> [INSTRUCTIONS TO FOLLOW]
Leave every image out, and print the remaining lines below exactly.

> [MATERIAL PROVIDED]
____________

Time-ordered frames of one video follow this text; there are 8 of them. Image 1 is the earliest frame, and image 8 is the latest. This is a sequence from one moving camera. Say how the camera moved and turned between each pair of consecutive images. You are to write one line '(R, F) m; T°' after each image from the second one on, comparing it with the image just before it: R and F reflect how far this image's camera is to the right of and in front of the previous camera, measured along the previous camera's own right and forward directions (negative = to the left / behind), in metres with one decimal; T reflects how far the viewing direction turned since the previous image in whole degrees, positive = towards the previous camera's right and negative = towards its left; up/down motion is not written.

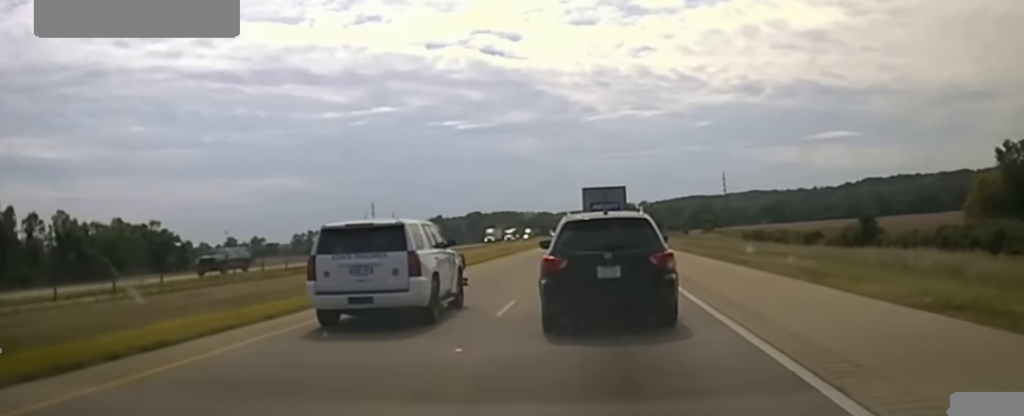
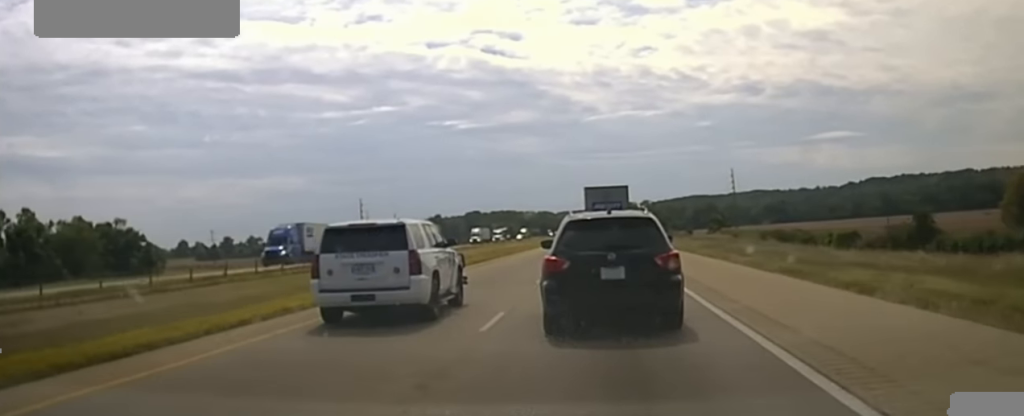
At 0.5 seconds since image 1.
(0.0, +14.9) m; 0°
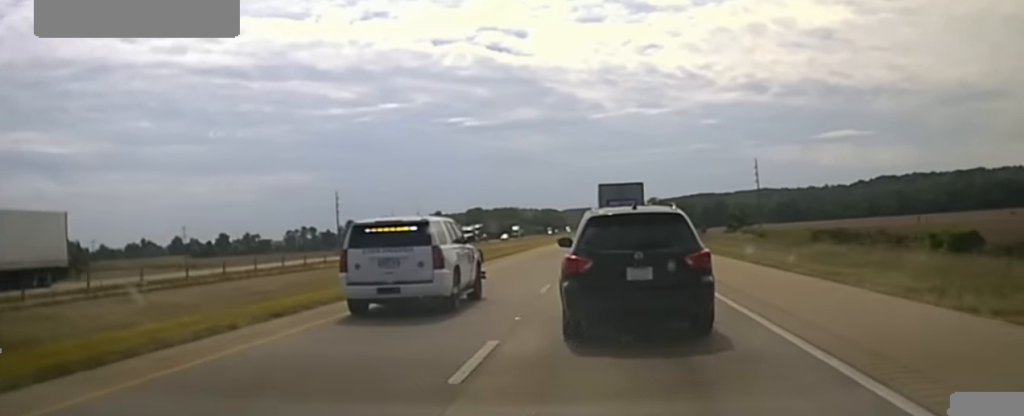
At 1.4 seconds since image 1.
(0.0, +28.3) m; 0°
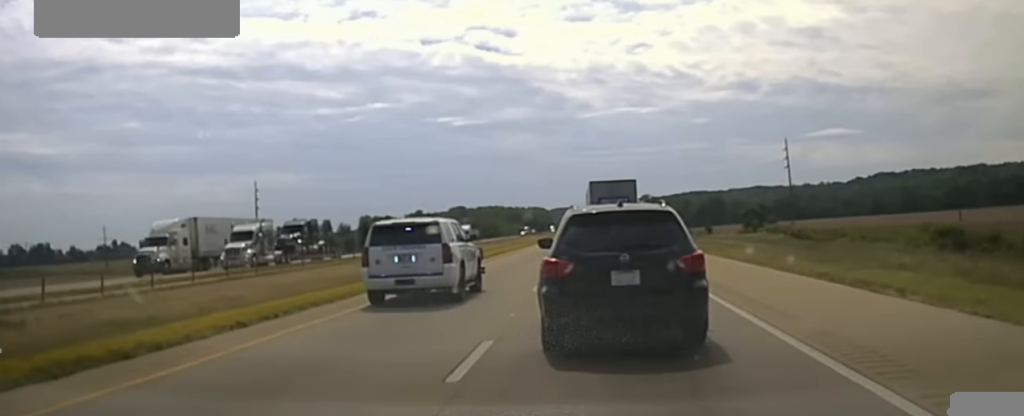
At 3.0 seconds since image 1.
(0.0, +47.8) m; 0°
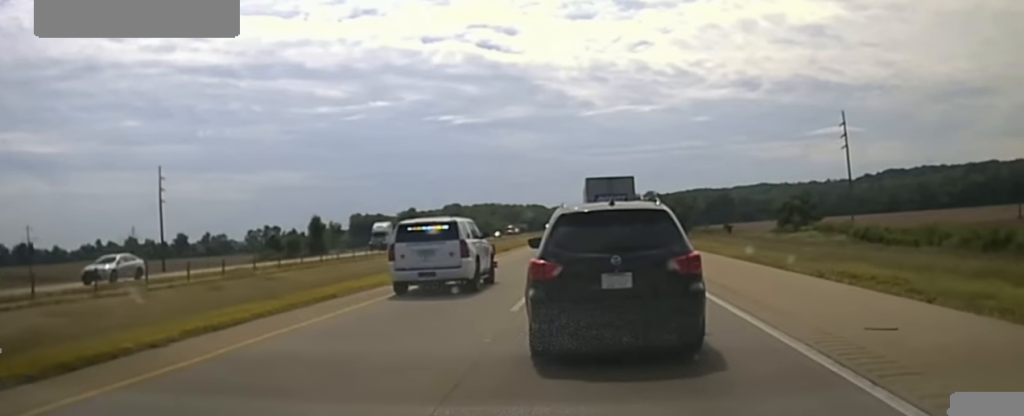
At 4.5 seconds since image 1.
(0.0, +42.7) m; 0°
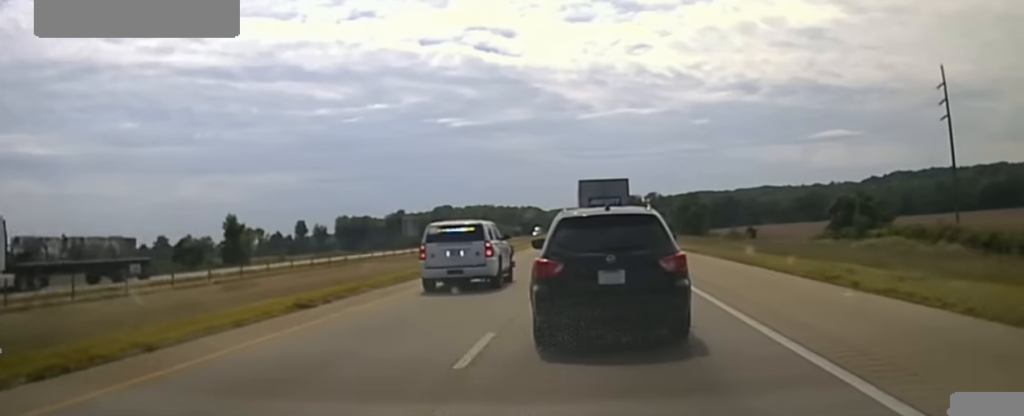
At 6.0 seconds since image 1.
(+0.3, +41.8) m; +1°
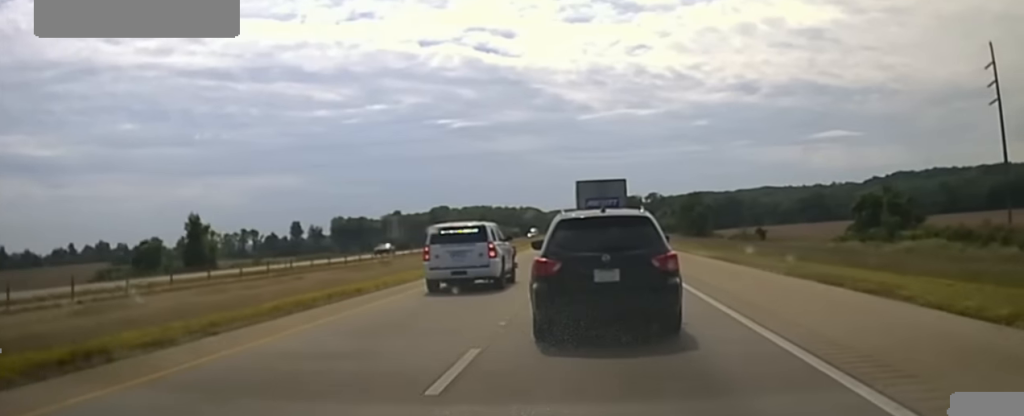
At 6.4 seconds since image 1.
(+0.1, +13.4) m; 0°
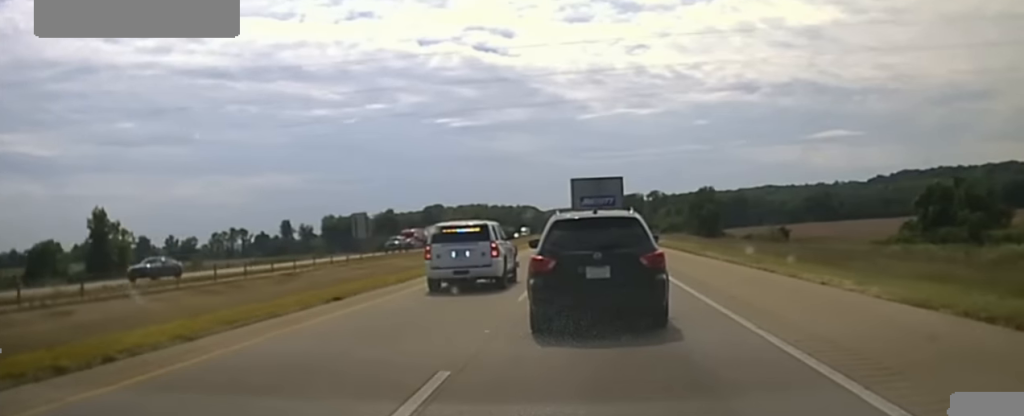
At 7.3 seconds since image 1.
(-0.2, +26.4) m; 0°

____________

> [ANSWER SPACE]
Time-ordered frames of one video follow this text; there are 8 of them. Image 1 is the earliest frame, and image 8 is the latest. This is a sequence from one moving camera. Say how the camera moved and turned between each pair of consecutive images. You are to write one line '(R, F) m; T°' after each image from the second one on, comparing it with the image just before it: R and F reflect how far this image's camera is to the right of and in front of the previous camera, measured along the previous camera's own right and forward directions (negative = to the left / behind), in metres with one decimal; T reflects how far the viewing direction turned since the previous image in whole degrees, positive = towards the previous camera's right and negative = towards its left; up/down motion is not written.

At 0.5 seconds since image 1.
(0.0, +14.9) m; 0°
At 1.4 seconds since image 1.
(0.0, +28.3) m; 0°
At 3.0 seconds since image 1.
(0.0, +47.8) m; 0°
At 4.5 seconds since image 1.
(0.0, +42.7) m; 0°
At 6.0 seconds since image 1.
(+0.3, +41.8) m; +1°
At 6.4 seconds since image 1.
(+0.1, +13.4) m; 0°
At 7.3 seconds since image 1.
(-0.2, +26.4) m; 0°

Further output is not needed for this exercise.